:: Data shown

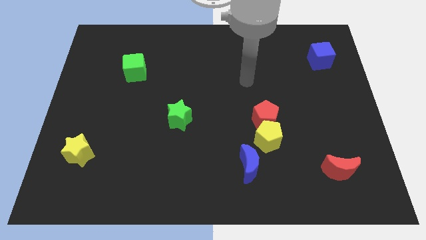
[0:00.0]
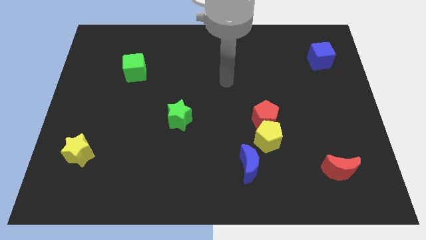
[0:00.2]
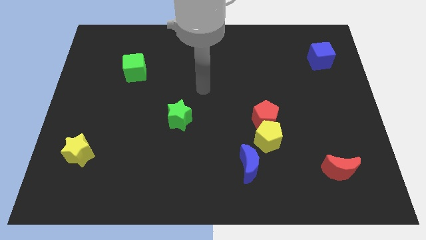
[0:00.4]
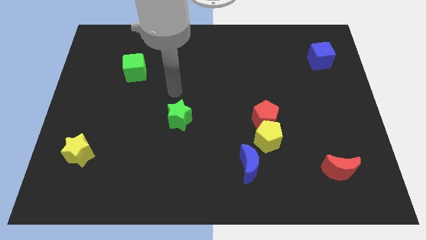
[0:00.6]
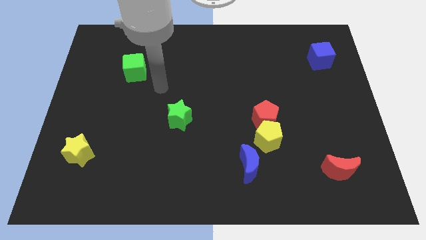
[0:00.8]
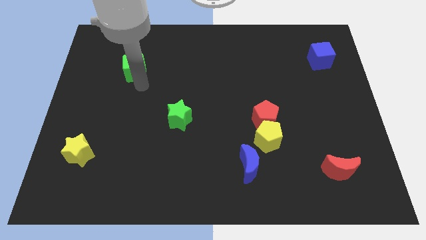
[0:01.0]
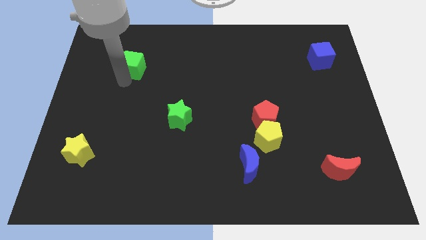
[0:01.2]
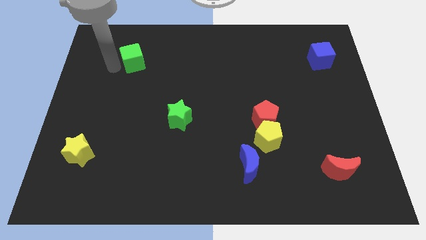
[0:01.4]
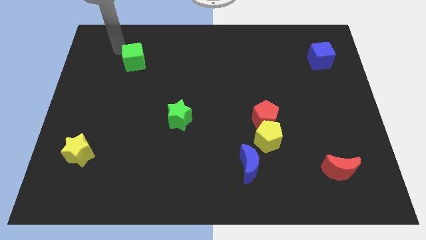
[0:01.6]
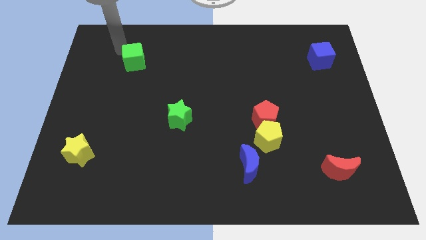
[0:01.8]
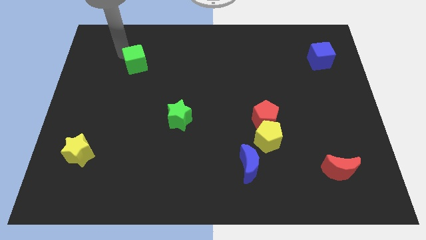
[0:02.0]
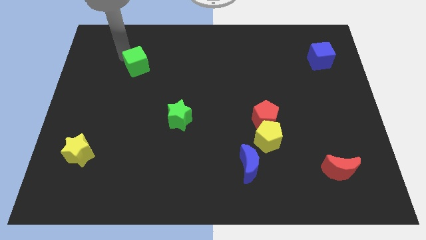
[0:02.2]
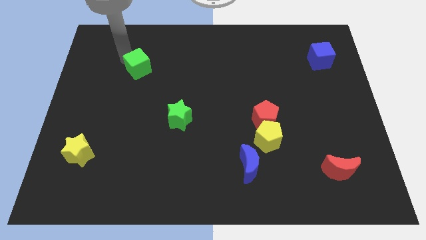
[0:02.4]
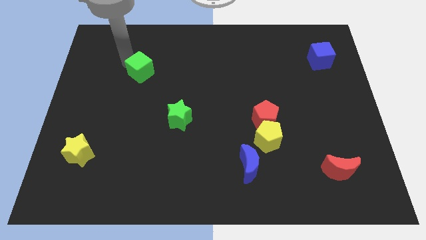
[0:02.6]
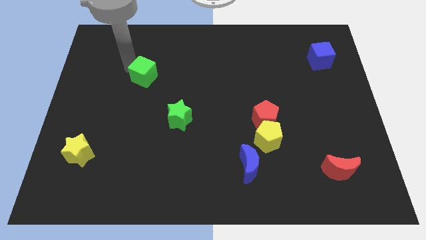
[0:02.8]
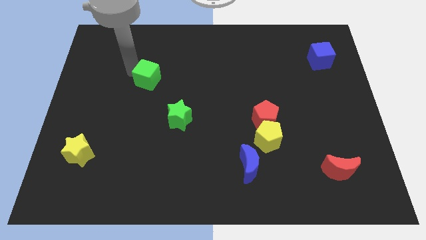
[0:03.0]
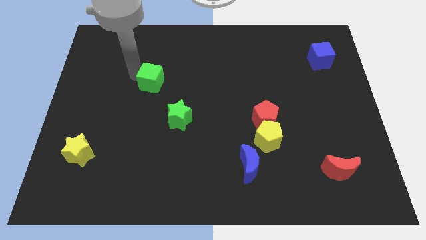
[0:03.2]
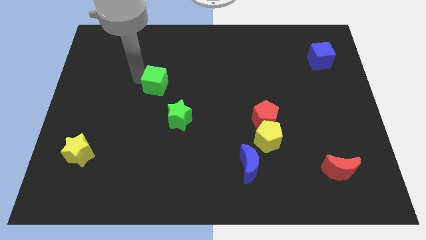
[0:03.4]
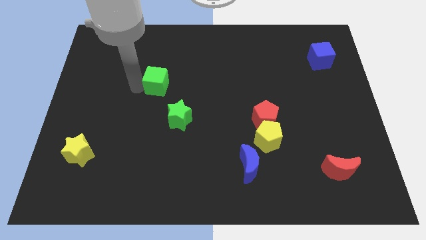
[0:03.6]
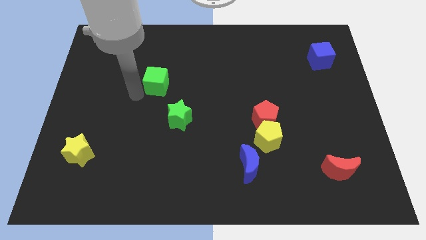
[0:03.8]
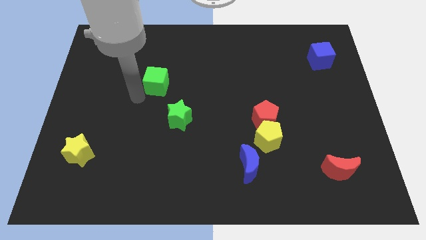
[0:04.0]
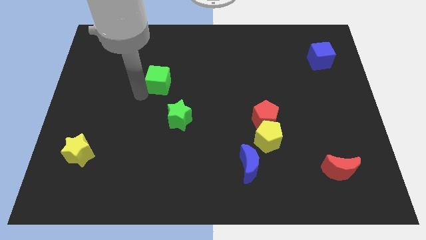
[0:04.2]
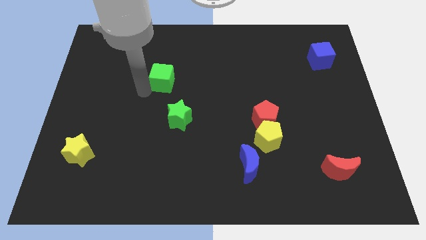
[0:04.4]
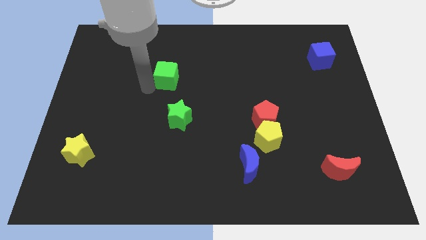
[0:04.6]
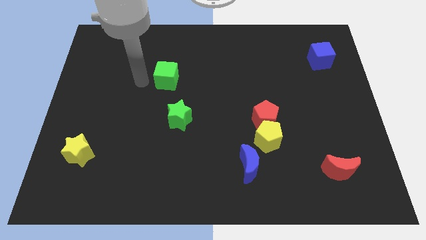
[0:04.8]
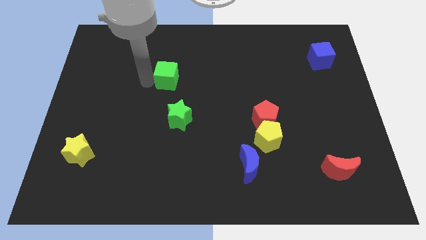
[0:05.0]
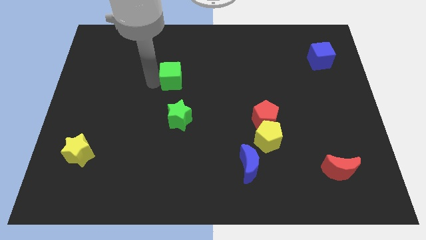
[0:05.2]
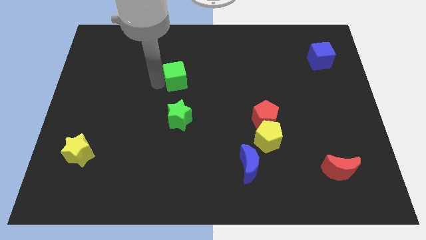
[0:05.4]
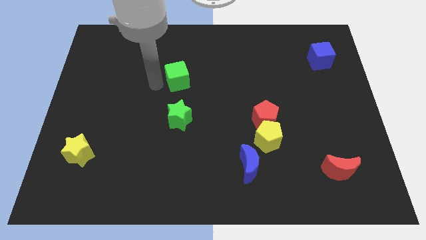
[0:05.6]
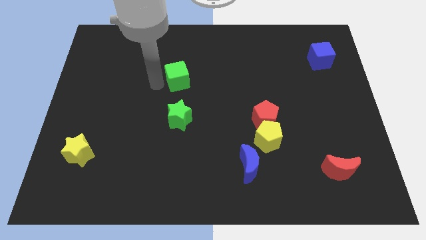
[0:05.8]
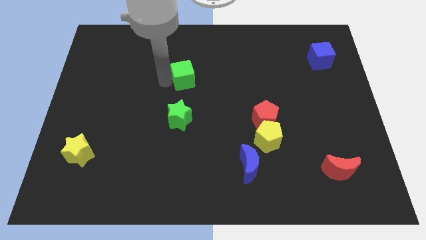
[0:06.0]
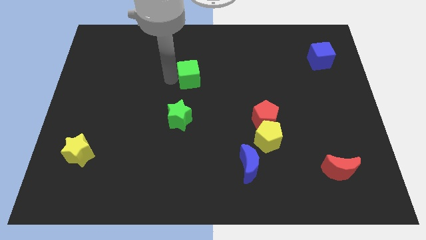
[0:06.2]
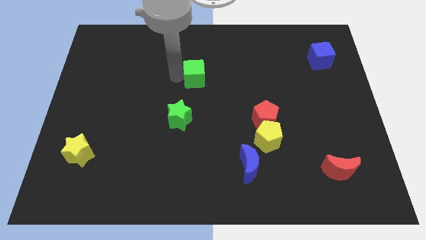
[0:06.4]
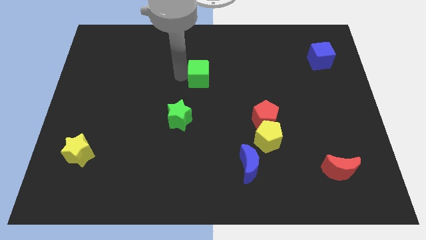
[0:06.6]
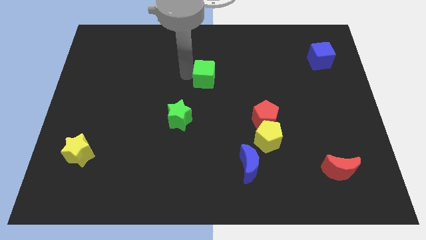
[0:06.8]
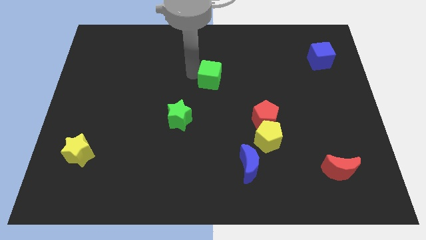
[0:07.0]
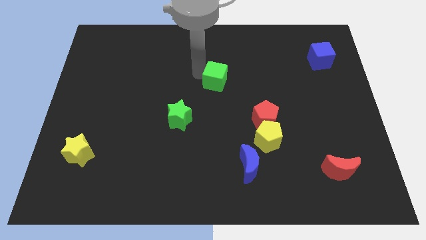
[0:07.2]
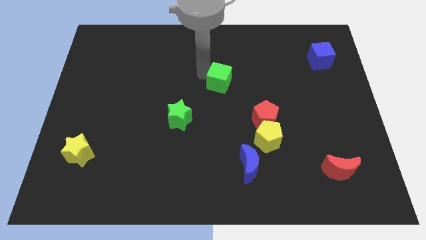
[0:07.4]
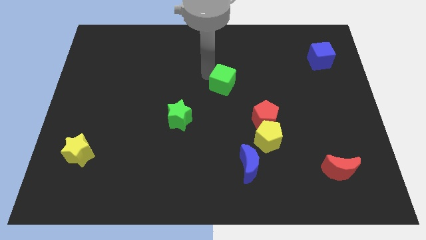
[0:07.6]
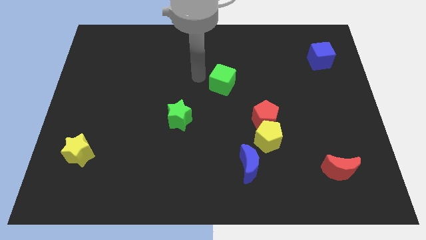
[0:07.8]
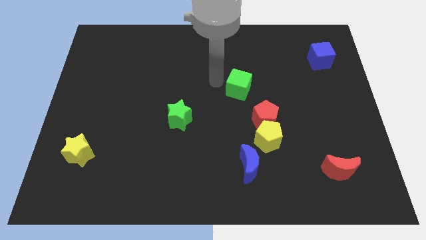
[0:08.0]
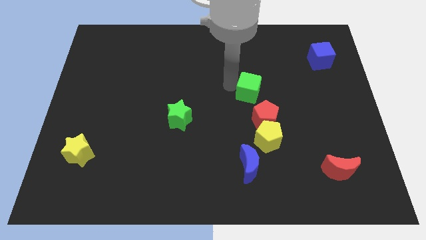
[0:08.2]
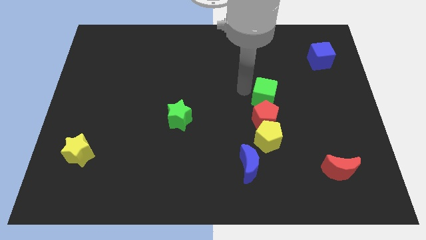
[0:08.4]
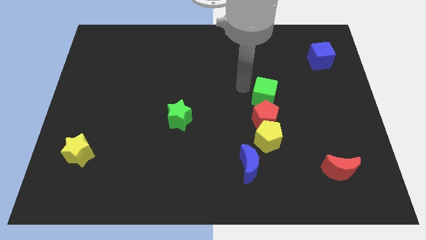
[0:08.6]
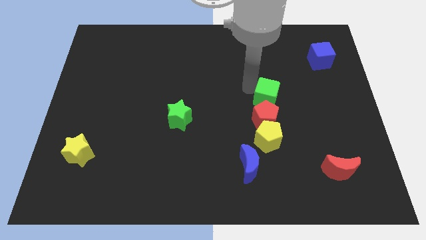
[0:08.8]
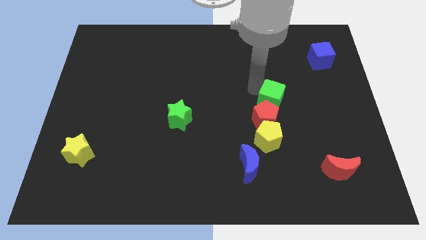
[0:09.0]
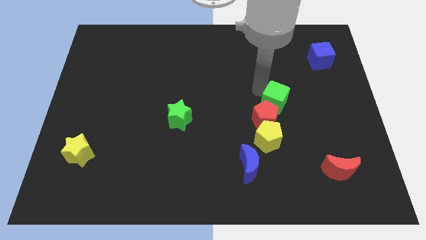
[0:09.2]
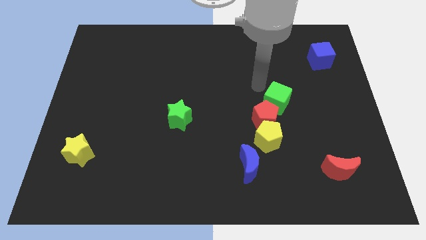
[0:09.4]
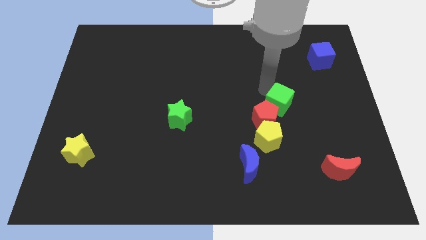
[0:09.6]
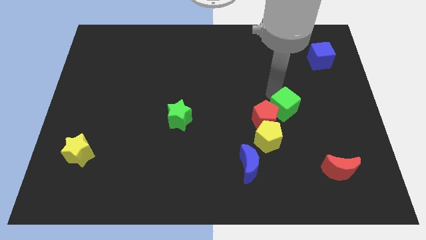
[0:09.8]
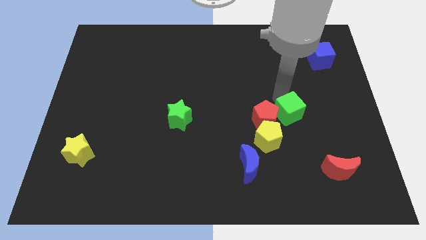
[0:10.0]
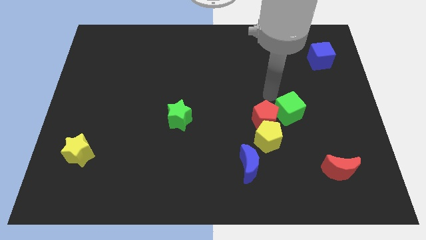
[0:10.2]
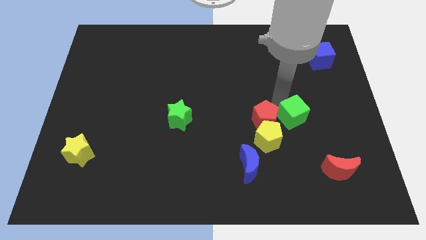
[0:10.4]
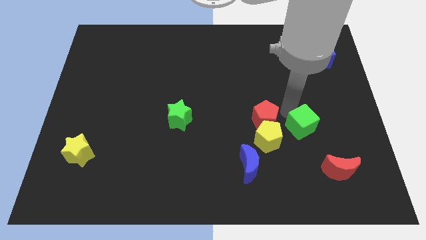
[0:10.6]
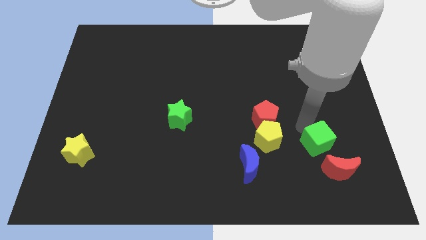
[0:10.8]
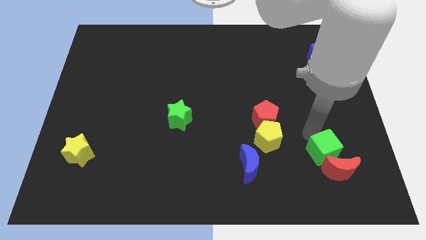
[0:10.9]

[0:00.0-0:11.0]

::::

▸ About this exercise
Every entry above, pictures excluded, needs to be duplicated exactly.

▸ Task answer
[0:00.0]
[0:00.2]
[0:00.4]
[0:00.6]
[0:00.8]
[0:01.0]
[0:01.2]
[0:01.4]
[0:01.6]
[0:01.8]
[0:02.0]
[0:02.2]
[0:02.4]
[0:02.6]
[0:02.8]
[0:03.0]
[0:03.2]
[0:03.4]
[0:03.6]
[0:03.8]
[0:04.0]
[0:04.2]
[0:04.4]
[0:04.6]
[0:04.8]
[0:05.0]
[0:05.2]
[0:05.4]
[0:05.6]
[0:05.8]
[0:06.0]
[0:06.2]
[0:06.4]
[0:06.6]
[0:06.8]
[0:07.0]
[0:07.2]
[0:07.4]
[0:07.6]
[0:07.8]
[0:08.0]
[0:08.2]
[0:08.4]
[0:08.6]
[0:08.8]
[0:09.0]
[0:09.2]
[0:09.4]
[0:09.6]
[0:09.8]
[0:10.0]
[0:10.2]
[0:10.4]
[0:10.6]
[0:10.8]
[0:10.9]

[0:00.0-0:11.0]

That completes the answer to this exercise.